By the sixth day of training ops the spiders were down to the size of a salt shaker and had no weapons except toxic gas, knockout gas, and incendiary gas that would explode like a five gallon bucket of napalm. As the spiders decreased in size the battery life also shortened so we had to learn to be efficient with their use. We also learned to use flying drones to deliver ourselves replacement spiders so we could keep moving across a situation.

During week three of spider school we toured another building in the Nevada DOD facility where all the employees were little old ladies that wore nice flowered dresses and sat at work benches with microscopes hand building actual spiders using micro robotic tools (like robotic surgery).

We were shown how they were built, the tiny computer chips and batteries, the components that made each spider: the legs, the body parts, the connections. We were shown individual legs being tested after they arrived in a small box from the manufacturer. A tiny bin of legs contained enough to build hundreds of spiders.

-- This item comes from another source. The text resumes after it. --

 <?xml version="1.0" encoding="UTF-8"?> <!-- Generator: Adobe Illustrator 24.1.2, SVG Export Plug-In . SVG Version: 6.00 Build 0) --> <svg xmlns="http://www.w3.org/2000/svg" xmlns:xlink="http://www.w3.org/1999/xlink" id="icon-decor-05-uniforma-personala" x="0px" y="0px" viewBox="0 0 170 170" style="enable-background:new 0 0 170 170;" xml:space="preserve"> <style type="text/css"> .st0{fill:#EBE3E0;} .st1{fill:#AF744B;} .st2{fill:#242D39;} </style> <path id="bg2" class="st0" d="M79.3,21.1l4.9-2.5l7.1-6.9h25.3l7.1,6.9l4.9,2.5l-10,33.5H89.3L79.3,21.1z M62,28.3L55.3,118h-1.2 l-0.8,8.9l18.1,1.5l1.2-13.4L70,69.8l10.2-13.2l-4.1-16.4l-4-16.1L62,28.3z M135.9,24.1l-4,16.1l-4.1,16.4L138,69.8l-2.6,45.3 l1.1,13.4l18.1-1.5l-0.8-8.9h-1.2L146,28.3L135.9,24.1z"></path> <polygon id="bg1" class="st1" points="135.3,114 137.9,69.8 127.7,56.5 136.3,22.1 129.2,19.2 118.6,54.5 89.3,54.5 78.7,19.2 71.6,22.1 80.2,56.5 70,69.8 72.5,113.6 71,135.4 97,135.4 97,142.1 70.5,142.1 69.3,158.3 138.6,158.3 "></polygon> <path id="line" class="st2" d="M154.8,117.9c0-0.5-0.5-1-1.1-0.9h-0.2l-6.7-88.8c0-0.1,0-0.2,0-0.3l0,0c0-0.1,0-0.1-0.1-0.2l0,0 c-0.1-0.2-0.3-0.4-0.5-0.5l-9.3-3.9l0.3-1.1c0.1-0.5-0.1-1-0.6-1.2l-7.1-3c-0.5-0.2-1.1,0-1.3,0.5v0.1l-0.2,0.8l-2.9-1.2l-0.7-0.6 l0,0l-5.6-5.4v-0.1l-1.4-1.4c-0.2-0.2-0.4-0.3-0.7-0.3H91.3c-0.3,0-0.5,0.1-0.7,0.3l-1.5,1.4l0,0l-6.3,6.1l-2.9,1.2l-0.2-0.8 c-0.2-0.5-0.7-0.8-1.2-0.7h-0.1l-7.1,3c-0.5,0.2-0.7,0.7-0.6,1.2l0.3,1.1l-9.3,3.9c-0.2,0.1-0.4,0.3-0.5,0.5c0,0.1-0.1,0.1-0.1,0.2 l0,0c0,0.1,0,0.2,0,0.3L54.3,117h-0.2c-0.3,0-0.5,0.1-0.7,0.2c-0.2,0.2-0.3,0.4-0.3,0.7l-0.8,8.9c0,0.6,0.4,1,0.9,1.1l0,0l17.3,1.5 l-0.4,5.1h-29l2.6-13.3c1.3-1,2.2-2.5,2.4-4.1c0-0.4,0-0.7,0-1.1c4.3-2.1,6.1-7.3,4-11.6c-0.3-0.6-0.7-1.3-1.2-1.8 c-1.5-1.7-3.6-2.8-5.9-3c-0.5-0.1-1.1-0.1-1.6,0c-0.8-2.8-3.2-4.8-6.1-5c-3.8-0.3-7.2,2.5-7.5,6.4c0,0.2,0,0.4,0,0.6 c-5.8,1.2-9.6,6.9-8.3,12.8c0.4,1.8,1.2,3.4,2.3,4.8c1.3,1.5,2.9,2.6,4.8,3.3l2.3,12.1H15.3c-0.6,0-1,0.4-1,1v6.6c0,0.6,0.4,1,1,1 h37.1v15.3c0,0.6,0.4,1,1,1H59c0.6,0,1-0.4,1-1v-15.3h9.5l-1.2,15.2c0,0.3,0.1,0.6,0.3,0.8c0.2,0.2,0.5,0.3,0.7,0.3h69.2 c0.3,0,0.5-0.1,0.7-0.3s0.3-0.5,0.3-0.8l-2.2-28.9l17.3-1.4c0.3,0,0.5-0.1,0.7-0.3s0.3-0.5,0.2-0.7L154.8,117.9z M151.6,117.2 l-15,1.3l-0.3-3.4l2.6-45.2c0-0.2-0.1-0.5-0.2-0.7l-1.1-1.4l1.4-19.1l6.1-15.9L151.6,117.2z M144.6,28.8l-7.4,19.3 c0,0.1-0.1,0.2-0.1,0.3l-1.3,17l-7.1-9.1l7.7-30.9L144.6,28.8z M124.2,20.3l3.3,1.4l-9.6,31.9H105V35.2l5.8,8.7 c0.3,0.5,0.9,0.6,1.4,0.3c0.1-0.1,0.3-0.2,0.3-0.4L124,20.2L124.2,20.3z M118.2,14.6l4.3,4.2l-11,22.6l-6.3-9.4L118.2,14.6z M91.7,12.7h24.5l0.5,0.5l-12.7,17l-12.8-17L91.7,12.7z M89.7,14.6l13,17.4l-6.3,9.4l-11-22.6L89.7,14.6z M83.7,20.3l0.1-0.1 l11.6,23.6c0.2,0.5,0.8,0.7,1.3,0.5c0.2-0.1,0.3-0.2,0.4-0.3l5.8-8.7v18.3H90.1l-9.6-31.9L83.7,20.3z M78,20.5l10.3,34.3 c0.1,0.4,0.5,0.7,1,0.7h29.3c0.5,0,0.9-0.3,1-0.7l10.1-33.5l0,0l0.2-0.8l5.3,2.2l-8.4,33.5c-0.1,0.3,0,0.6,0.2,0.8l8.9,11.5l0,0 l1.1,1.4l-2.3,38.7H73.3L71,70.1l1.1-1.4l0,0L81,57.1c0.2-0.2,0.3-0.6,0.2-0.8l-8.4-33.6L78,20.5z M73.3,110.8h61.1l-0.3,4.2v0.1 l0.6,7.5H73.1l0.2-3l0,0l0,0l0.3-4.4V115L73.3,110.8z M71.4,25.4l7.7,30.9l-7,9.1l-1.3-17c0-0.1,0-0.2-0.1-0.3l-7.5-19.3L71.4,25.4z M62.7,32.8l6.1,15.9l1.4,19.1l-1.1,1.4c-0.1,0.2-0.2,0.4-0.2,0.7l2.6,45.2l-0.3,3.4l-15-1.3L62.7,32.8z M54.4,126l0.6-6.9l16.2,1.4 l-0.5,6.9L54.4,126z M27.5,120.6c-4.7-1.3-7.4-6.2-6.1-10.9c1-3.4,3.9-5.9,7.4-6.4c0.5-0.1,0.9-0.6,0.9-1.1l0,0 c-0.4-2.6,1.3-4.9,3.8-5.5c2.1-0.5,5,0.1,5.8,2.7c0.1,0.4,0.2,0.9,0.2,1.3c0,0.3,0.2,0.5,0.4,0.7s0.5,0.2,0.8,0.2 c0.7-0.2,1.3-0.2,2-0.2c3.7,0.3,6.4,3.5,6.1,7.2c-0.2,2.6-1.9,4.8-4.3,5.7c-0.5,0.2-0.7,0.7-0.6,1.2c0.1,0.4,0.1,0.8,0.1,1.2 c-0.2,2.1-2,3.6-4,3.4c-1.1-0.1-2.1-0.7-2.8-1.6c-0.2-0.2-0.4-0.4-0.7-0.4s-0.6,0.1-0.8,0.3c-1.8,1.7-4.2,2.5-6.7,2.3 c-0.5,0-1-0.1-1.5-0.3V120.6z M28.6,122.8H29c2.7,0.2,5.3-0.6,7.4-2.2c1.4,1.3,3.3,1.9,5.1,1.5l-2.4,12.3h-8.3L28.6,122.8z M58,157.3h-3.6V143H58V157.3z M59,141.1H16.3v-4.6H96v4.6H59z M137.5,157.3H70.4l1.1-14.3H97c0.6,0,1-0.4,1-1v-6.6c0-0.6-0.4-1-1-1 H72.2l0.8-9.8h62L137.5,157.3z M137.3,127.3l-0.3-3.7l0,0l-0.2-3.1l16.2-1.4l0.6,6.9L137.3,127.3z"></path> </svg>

The spiders had no motors, they used electrically fired plastic muscle fibers that contracted like living muscle fibers. The advantage was they were silent and used tiny amounts of electricity to function, the disadvantage was they gradually warmed up and lost strength/speed, but with the short battery lifespan that was usually not a problem. They also had highly advanced software on board as well as 3D cameras, sensors, wireless comms but for short range only. You could hold four spiders on the palm of your hand. The legs folded up against the body and they slipped inside a tiny cardboard box which fit inside a heavy canvas pack that mounted on a belt.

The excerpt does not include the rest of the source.